Ah, right. Not sure off the top of my head why that's the case.

Yeah, I've looked in the Logstash log and can't see anything obviously wrong with these particular entries. I don't know whether its relevant but whilst I'm using Filebeat 5.2.2 I am using an old version of the Elasticsearch stack with Logstash, Elasticsearch and Kibana at version 5.0.2

Also I'm a little confused about the output of the messages that are matching properly; If you look at my match filter I've tried to break the data up into TID, PID and Component fields - this does work but I'm still getting the entire line in the message field too - is that normal? JSON example of a message below:

{
  "_index": "filebeat-2017",
  "_type": "winupdatelog",
  "_id": "AVrsydmn3xn1BxItwUTA",
  "_score": null,
  "_source": {
    "offset": 1266943,
    "input_type": "log",
    "PID": "3592",
    "source": "C:\\Windows\\Windowsupdate.log",
    "message": [
      "2017-03-20\t13:22:15:152\t3592\t1764\tCOMAPI\t>>--  RESUMED  -- COMAPI: Search [ClientId = Windows Defender]",
      ">>--  RESUMED  -- COMAPI: Search [ClientId = Windows"
    ],
    "type": "winupdatelog",
    "TID": "1764",
    "tags": [
      "beats_input_codec_plain_applied"
    ],
    "component": "COMAPI",
    "received_from": "%{@source_host}",
    "@timestamp": "2017-03-20T13:22:15.152Z",
    "received_at": "2017-03-20T17:35:29.540Z",
    "@version": "1",
    "beat": {
      "hostname": "LAPTOP01",
      "name": "LAPTOP01",
      "version": "5.2.2"
    },
    "host": "LAPTOP01",
    "timestamp": "2017-03-20\t13:22:15:152"
  },
  "fields": {
    "@timestamp": [
      1490016135152
    ]
  },
  "sort": [
    1490016135152
  ]
}

Also I'm a little confused about the output of the messages that are matching properly; If you look at my match filter I've tried to break the data up into TID, PID and Component fields - this does work but I'm still getting the entire line in the message field too - is that normal?

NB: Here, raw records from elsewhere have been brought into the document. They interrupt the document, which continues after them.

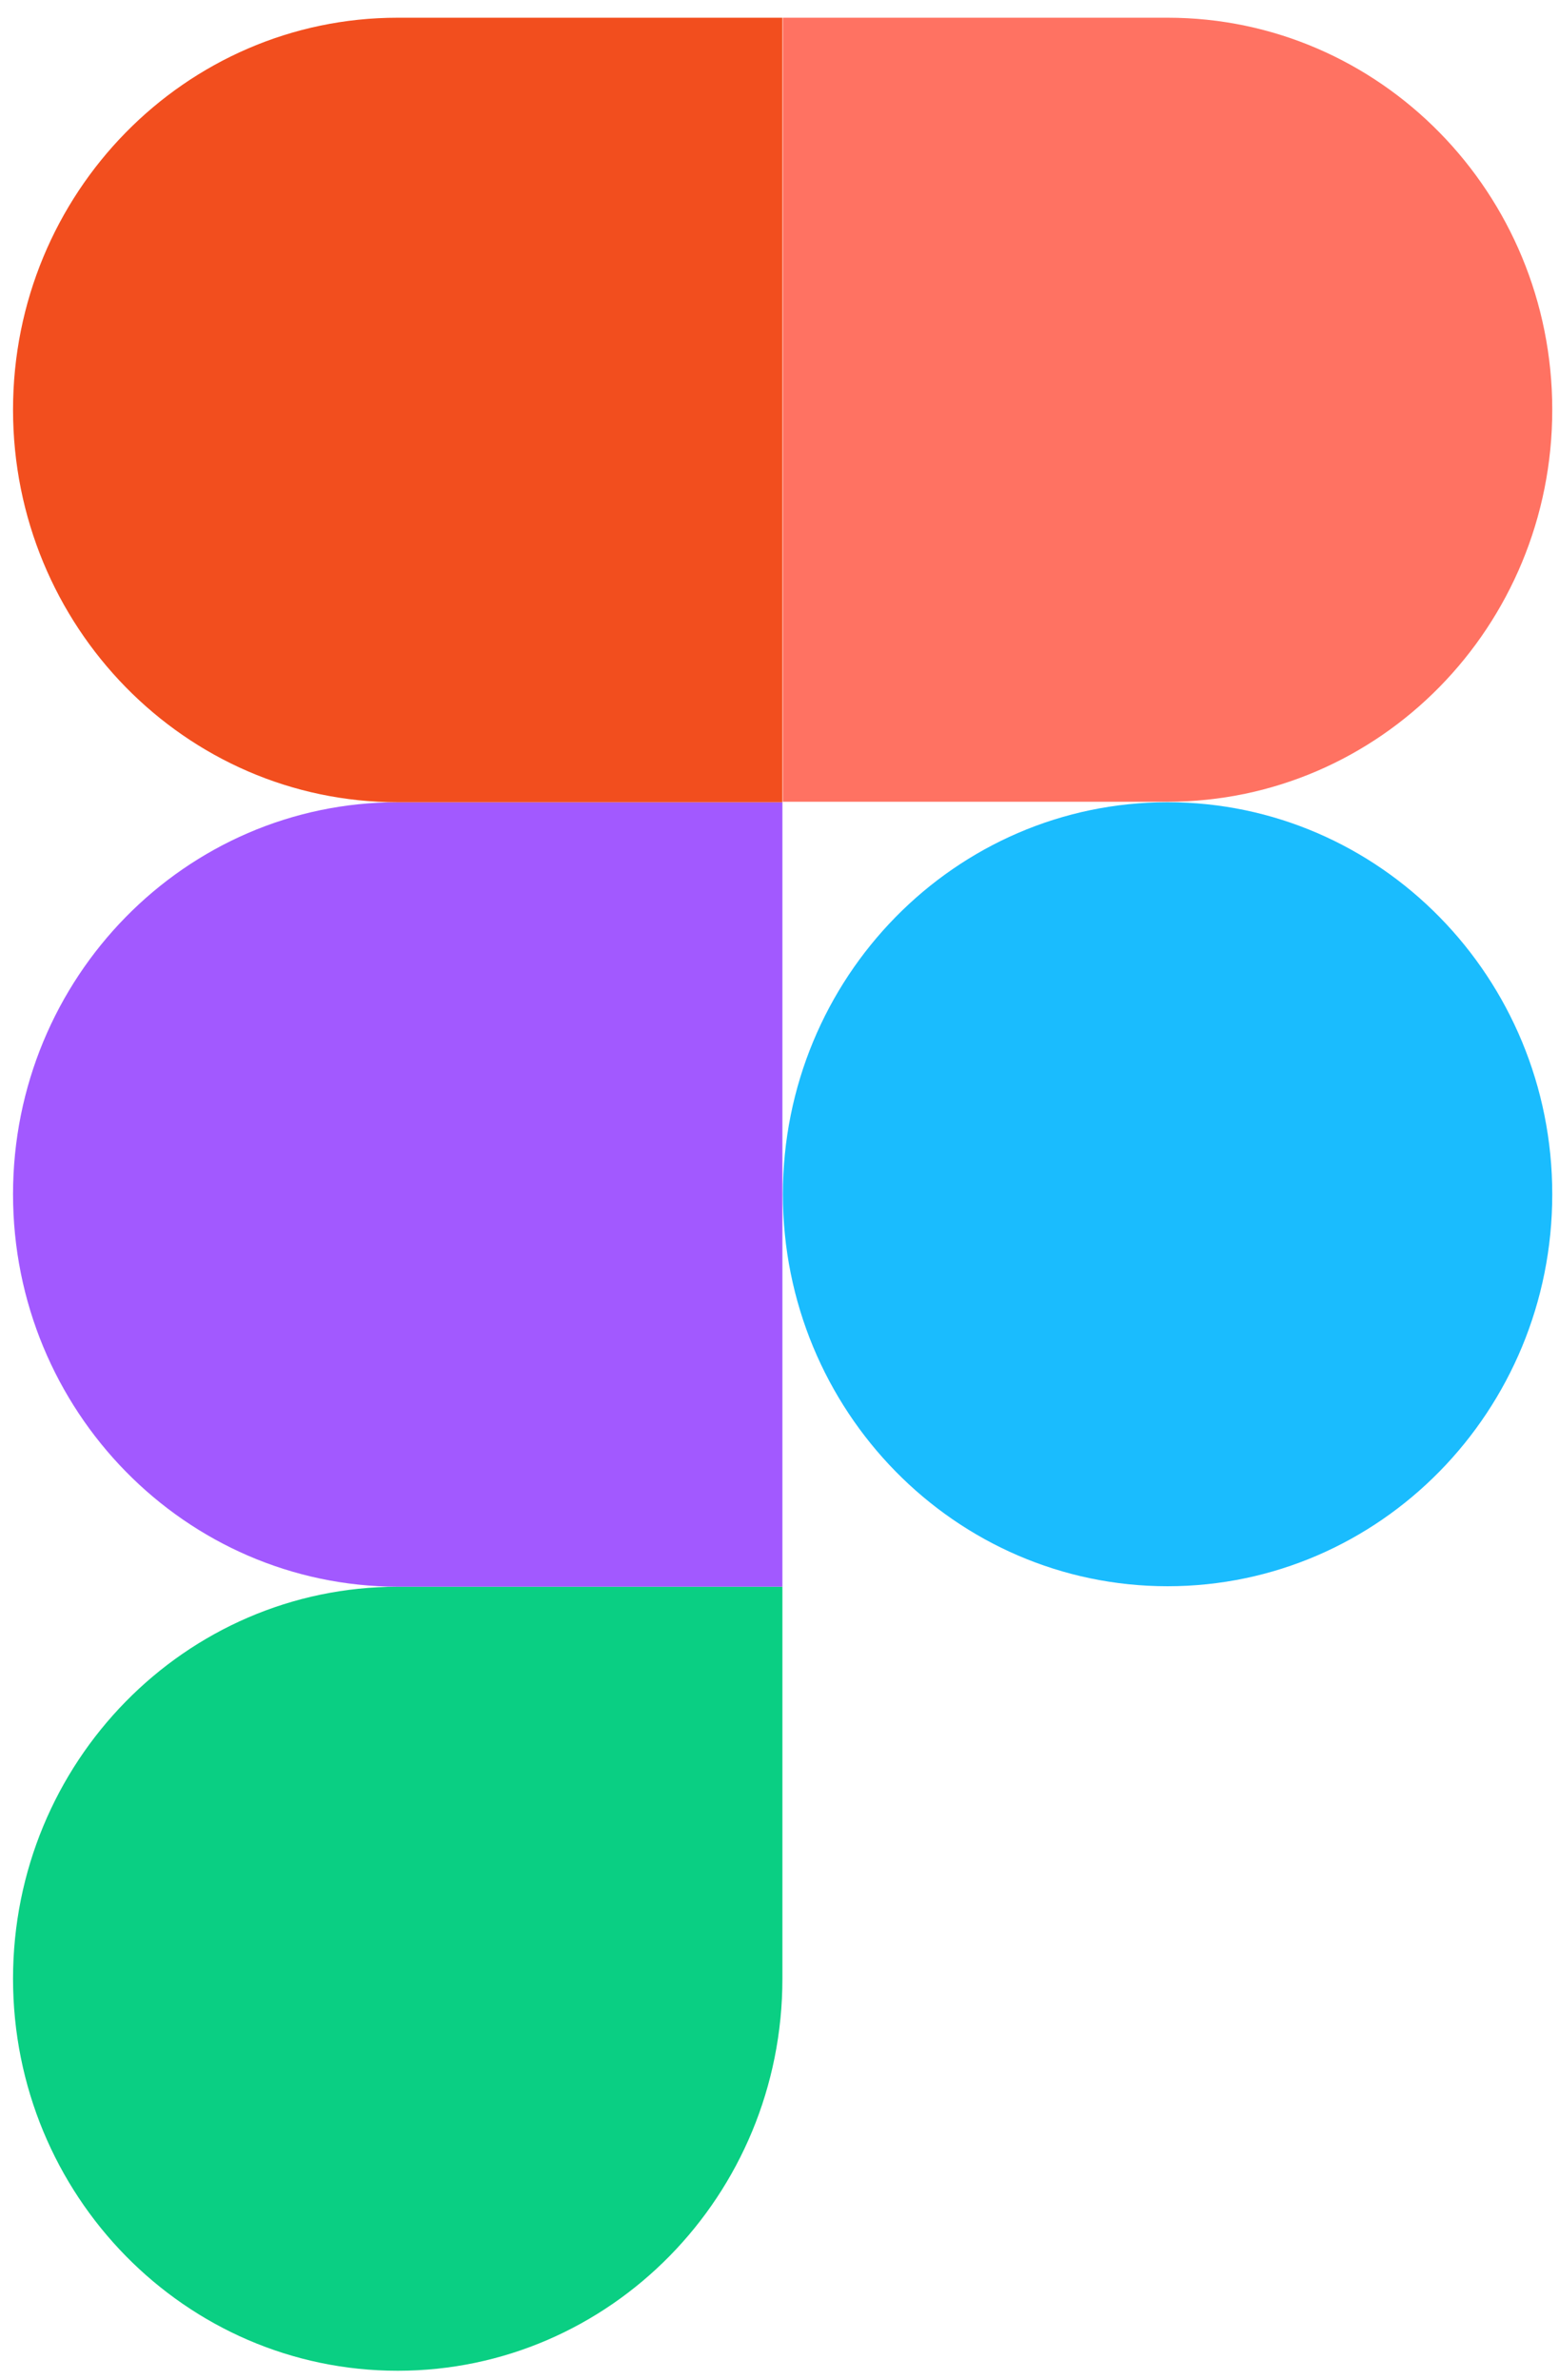 <svg xmlns="http://www.w3.org/2000/svg" fill="none" viewBox="0 0 59 90" height="90" width="59">
<g clip-path="url(#clip0_167_597)">
<path fill="#0ACF83" d="M15.051 89.661C23.09 89.661 29.61 83.021 29.61 74.835V60.01H15.051C7.013 60.01 0.493 66.65 0.493 74.835C0.493 83.021 7.013 89.661 15.051 89.661Z"></path>
<path fill="#A259FF" d="M0.493 45.166C0.493 36.98 7.013 30.34 15.051 30.34H29.61V60.009H15.051C7.013 59.991 0.493 53.352 0.493 45.166Z"></path>
<path fill="#F24E1E" d="M0.493 15.496C0.493 7.31 7.013 0.67 15.051 0.67H29.61V30.34H15.051C7.013 30.34 0.493 23.682 0.493 15.496Z"></path>
<path fill="#FF7262" d="M29.628 0.67H44.187C52.225 0.67 58.745 7.31 58.745 15.496C58.745 23.682 52.225 30.321 44.187 30.321H29.628V0.67Z"></path>
<path fill="#1ABCFE" d="M58.745 45.166C58.745 53.352 52.225 59.991 44.187 59.991C36.148 59.991 29.628 53.352 29.628 45.166C29.628 36.98 36.148 30.34 44.187 30.34C52.225 30.34 58.745 36.98 58.745 45.166Z"></path>
</g>
<defs>
<clipPath id="clip0_167_597">
<rect transform="translate(0.493 0.67)" fill="white" height="88.991" width="58.252"></rect>
</clipPath>
</defs>
</svg>

Yes. Unless specifically configured to do otherwise a grok filter doesn't touch the field is parses.

Thanks for your help in all this, if I can figure out why those why I'm getting a parse error with those messages I'll post back.

This topic was automatically closed 28 days after the last reply. New replies are no longer allowed.